> [TASK GOAL]:
Repeat the data exactly. Pictures stay out.

> [EXTRACTED INFORMATION]:
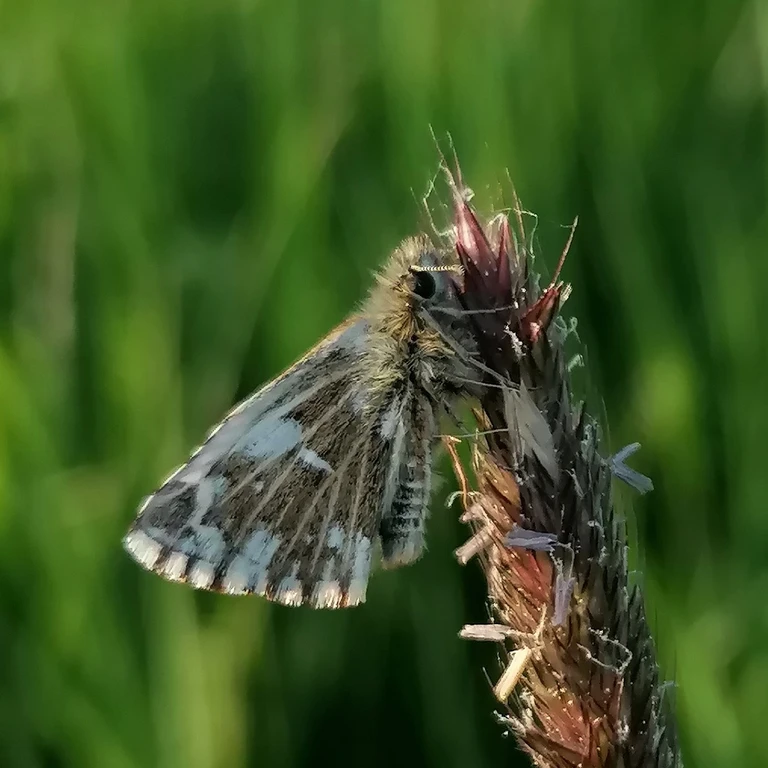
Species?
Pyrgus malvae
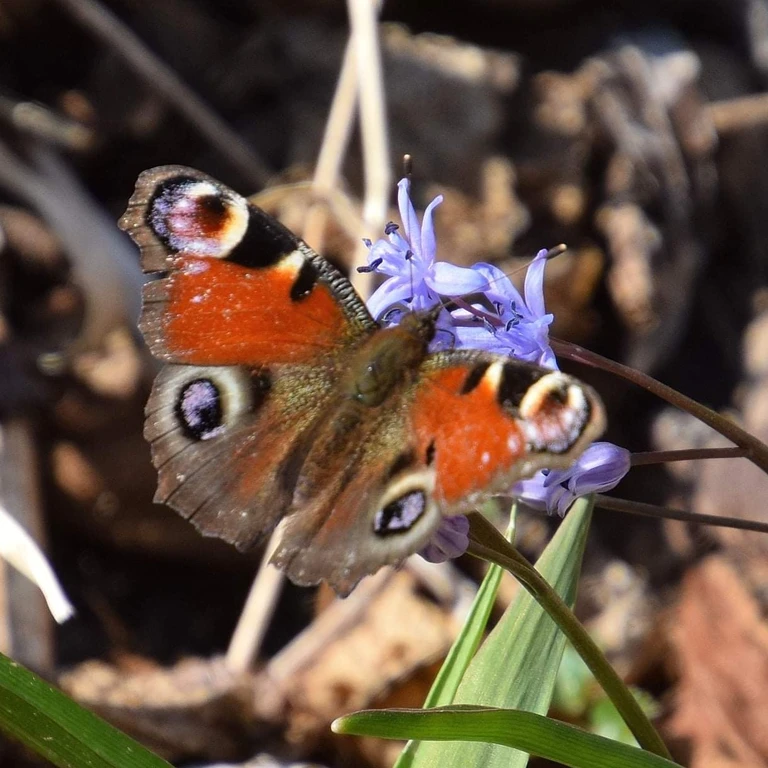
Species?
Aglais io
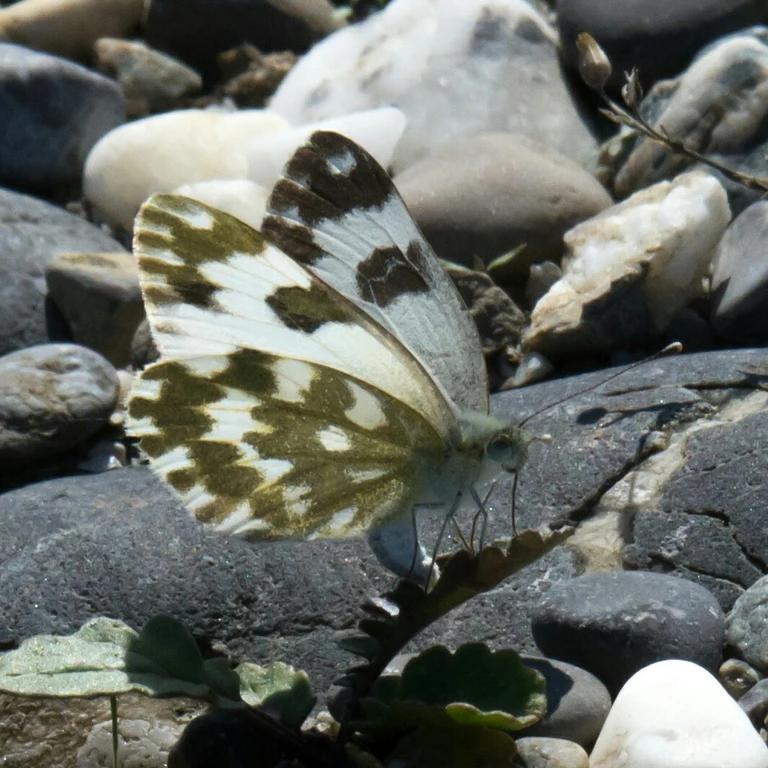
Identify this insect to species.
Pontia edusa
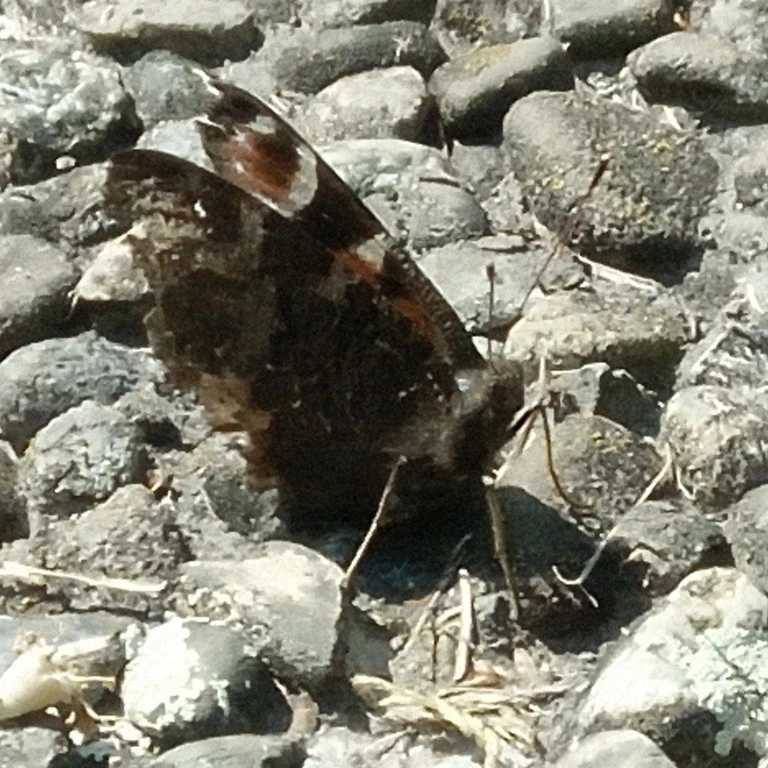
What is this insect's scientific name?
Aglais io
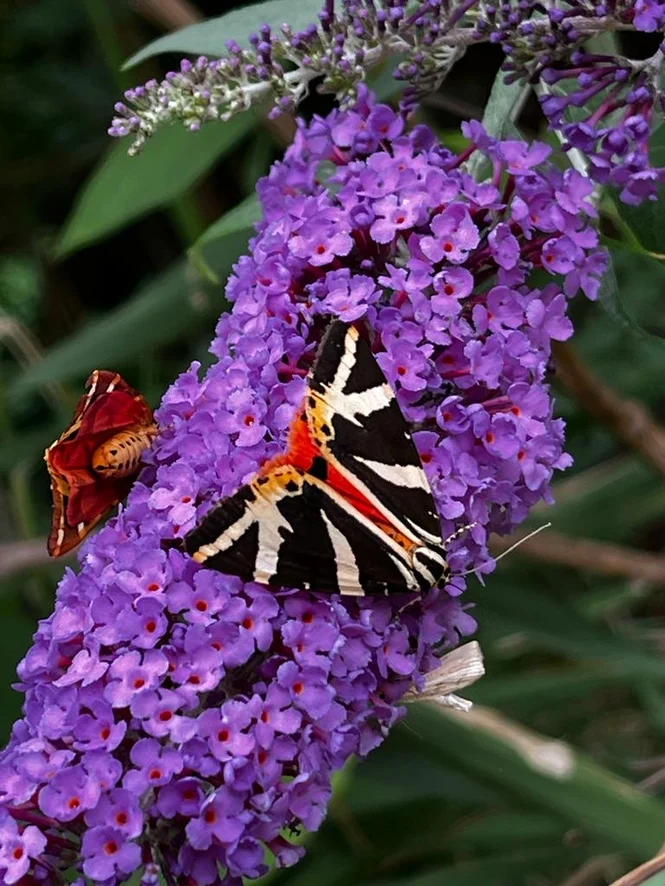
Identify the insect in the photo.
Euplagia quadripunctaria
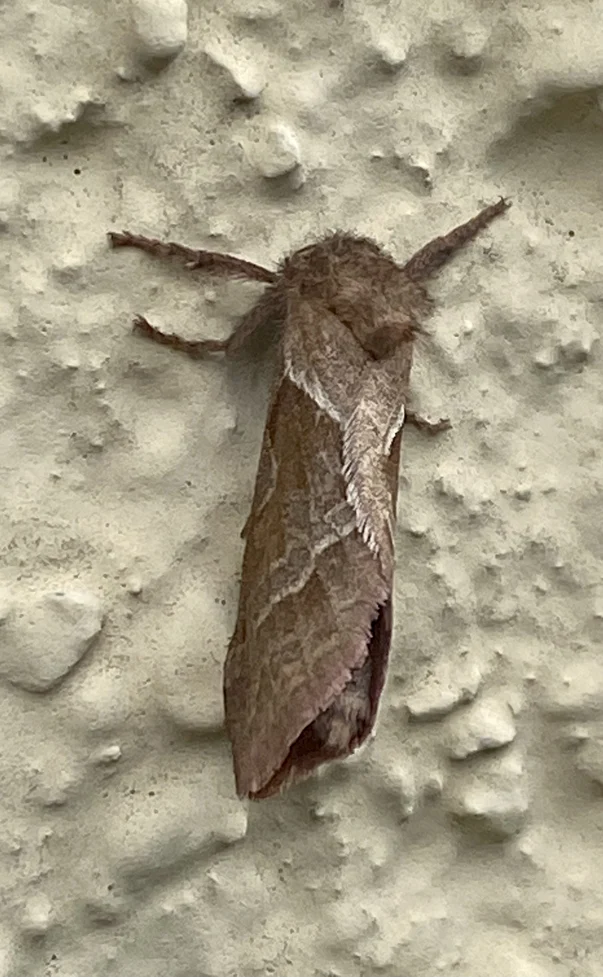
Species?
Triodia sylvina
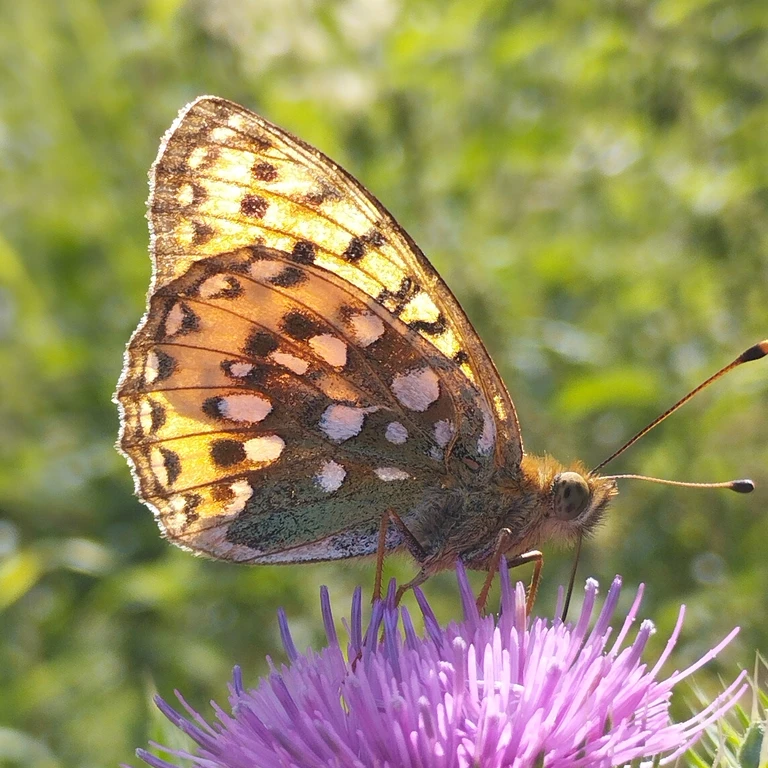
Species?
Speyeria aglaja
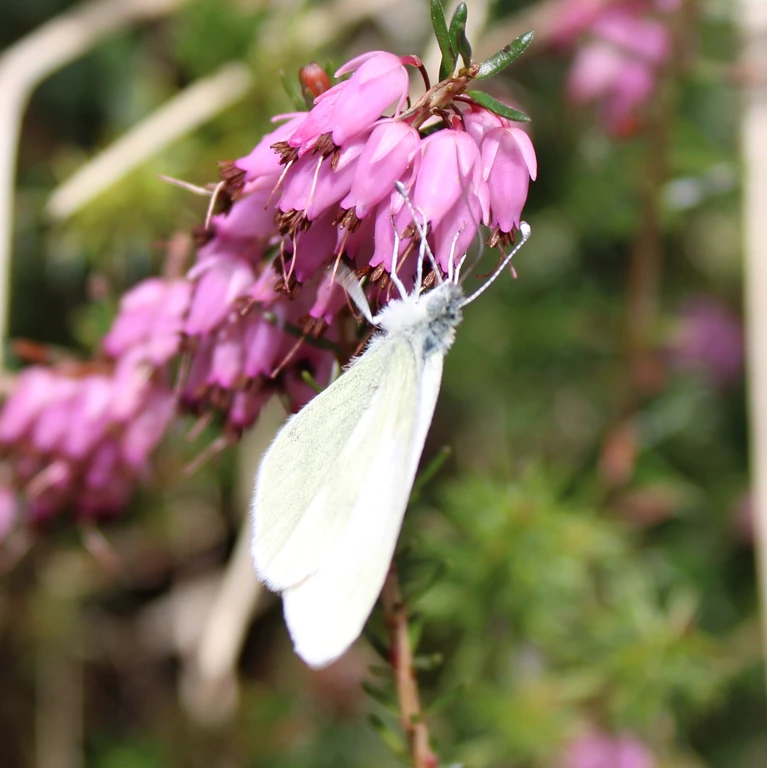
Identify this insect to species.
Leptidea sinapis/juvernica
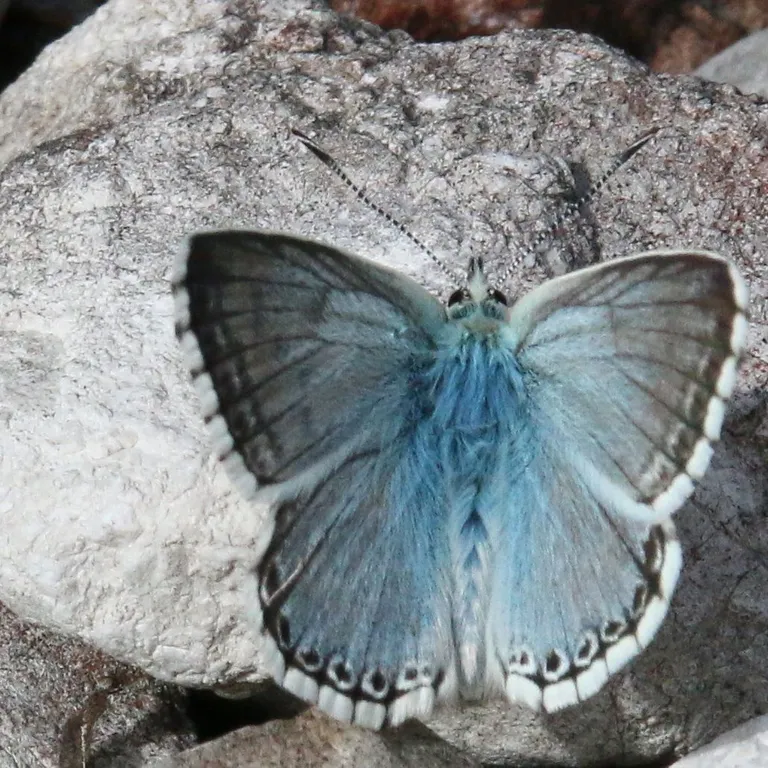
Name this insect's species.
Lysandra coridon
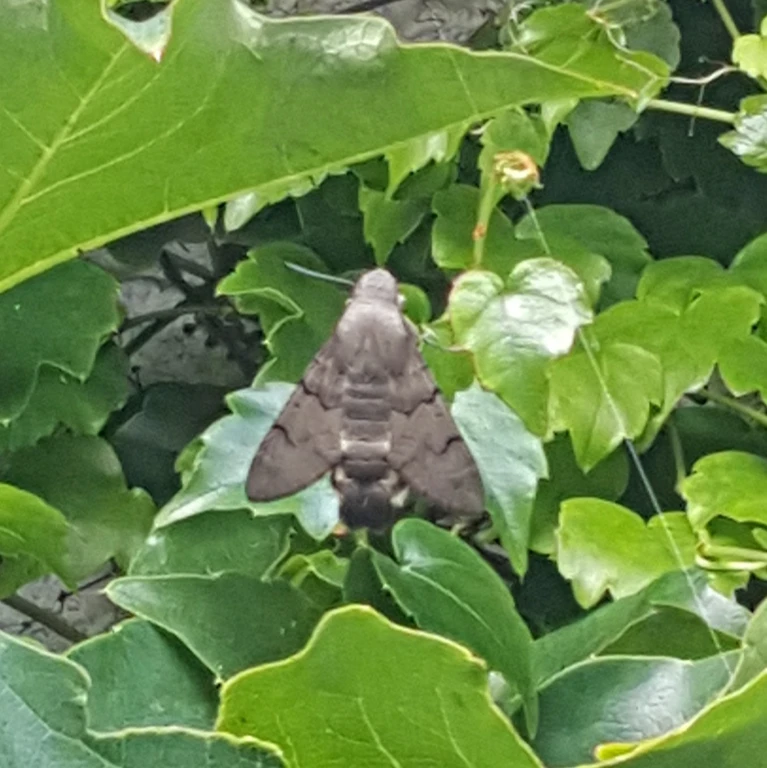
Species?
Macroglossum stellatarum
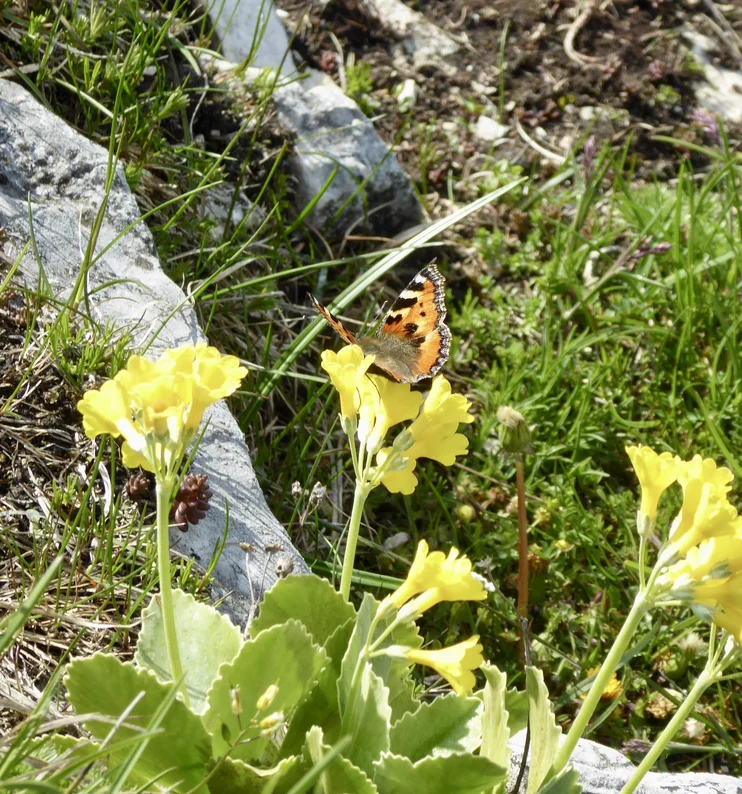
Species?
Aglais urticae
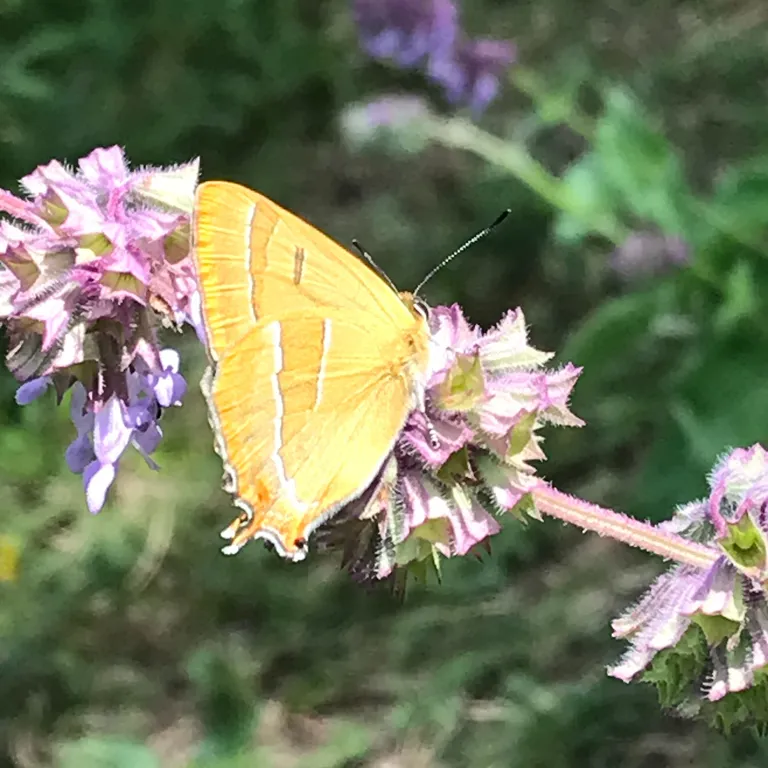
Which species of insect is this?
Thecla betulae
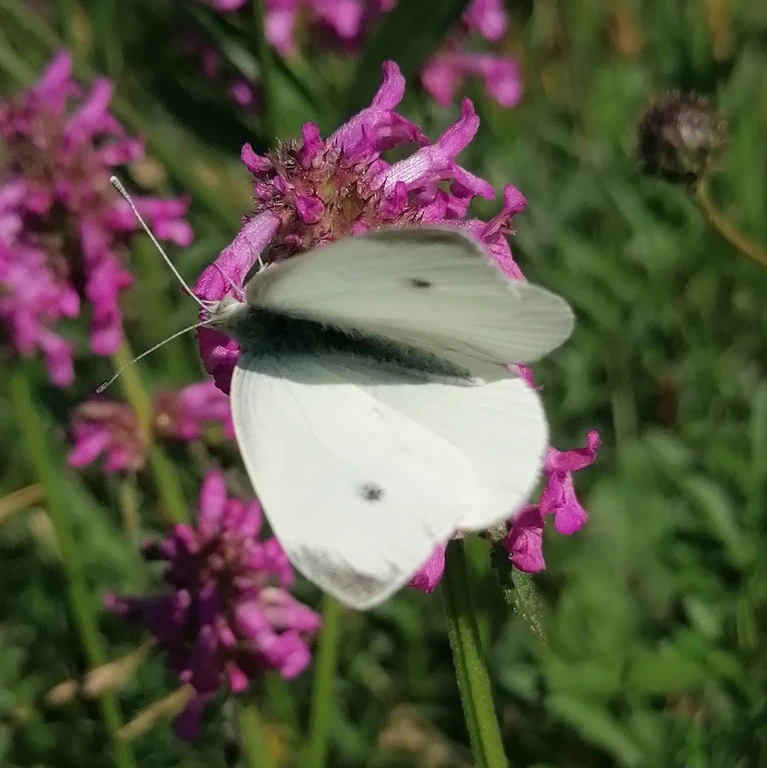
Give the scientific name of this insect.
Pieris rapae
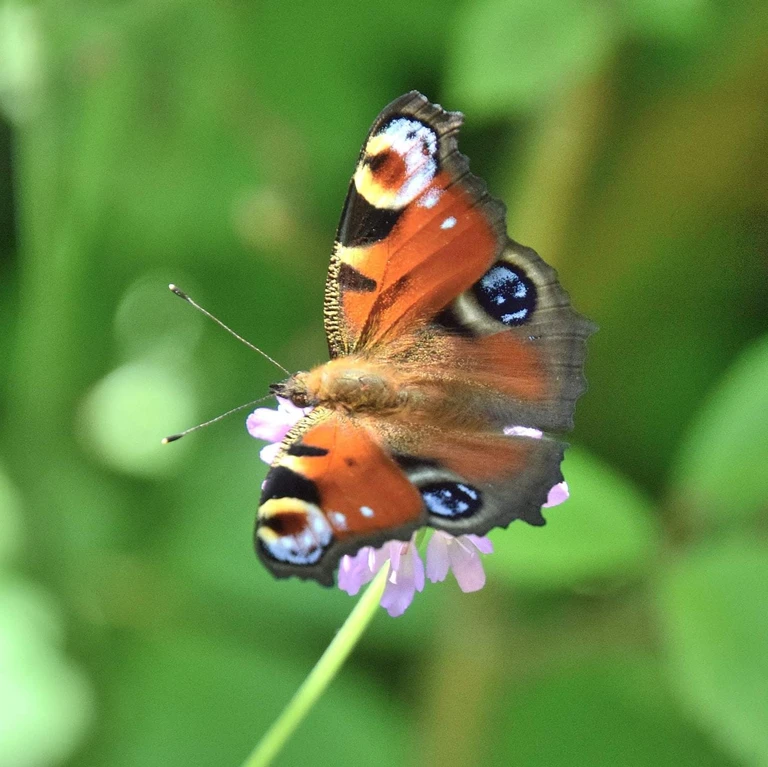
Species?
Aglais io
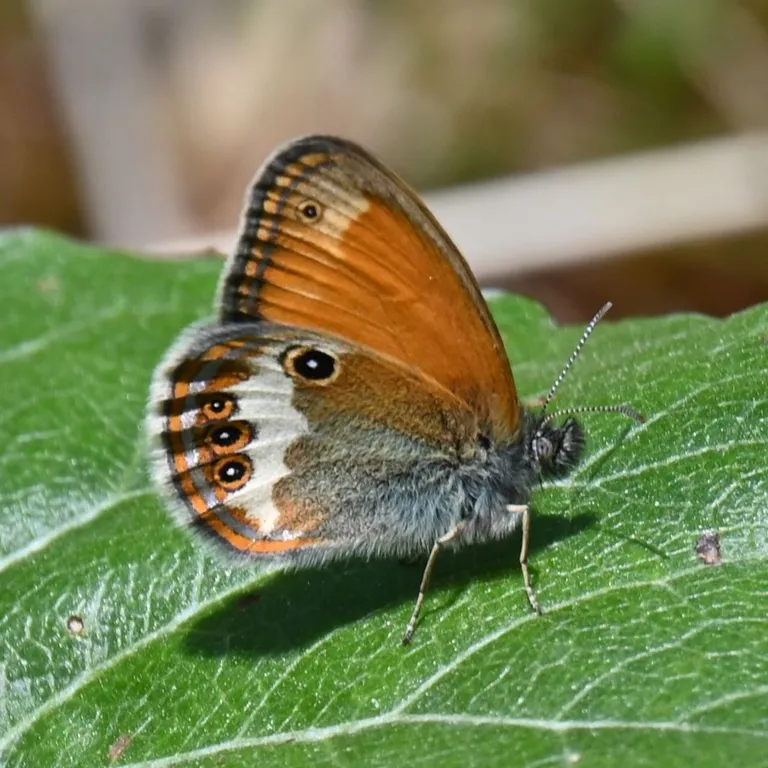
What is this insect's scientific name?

> [RESULT BELOW]:
Species?
Pyrgus malvae
Species?
Aglais io
Identify this insect to species.
Pontia edusa
What is this insect's scientific name?
Aglais io
Identify the insect in the photo.
Euplagia quadripunctaria
Species?
Triodia sylvina
Species?
Speyeria aglaja
Identify this insect to species.
Leptidea sinapis/juvernica
Name this insect's species.
Lysandra coridon
Species?
Macroglossum stellatarum
Species?
Aglais urticae
Which species of insect is this?
Thecla betulae
Give the scientific name of this insect.
Pieris rapae
Species?
Aglais io
What is this insect's scientific name?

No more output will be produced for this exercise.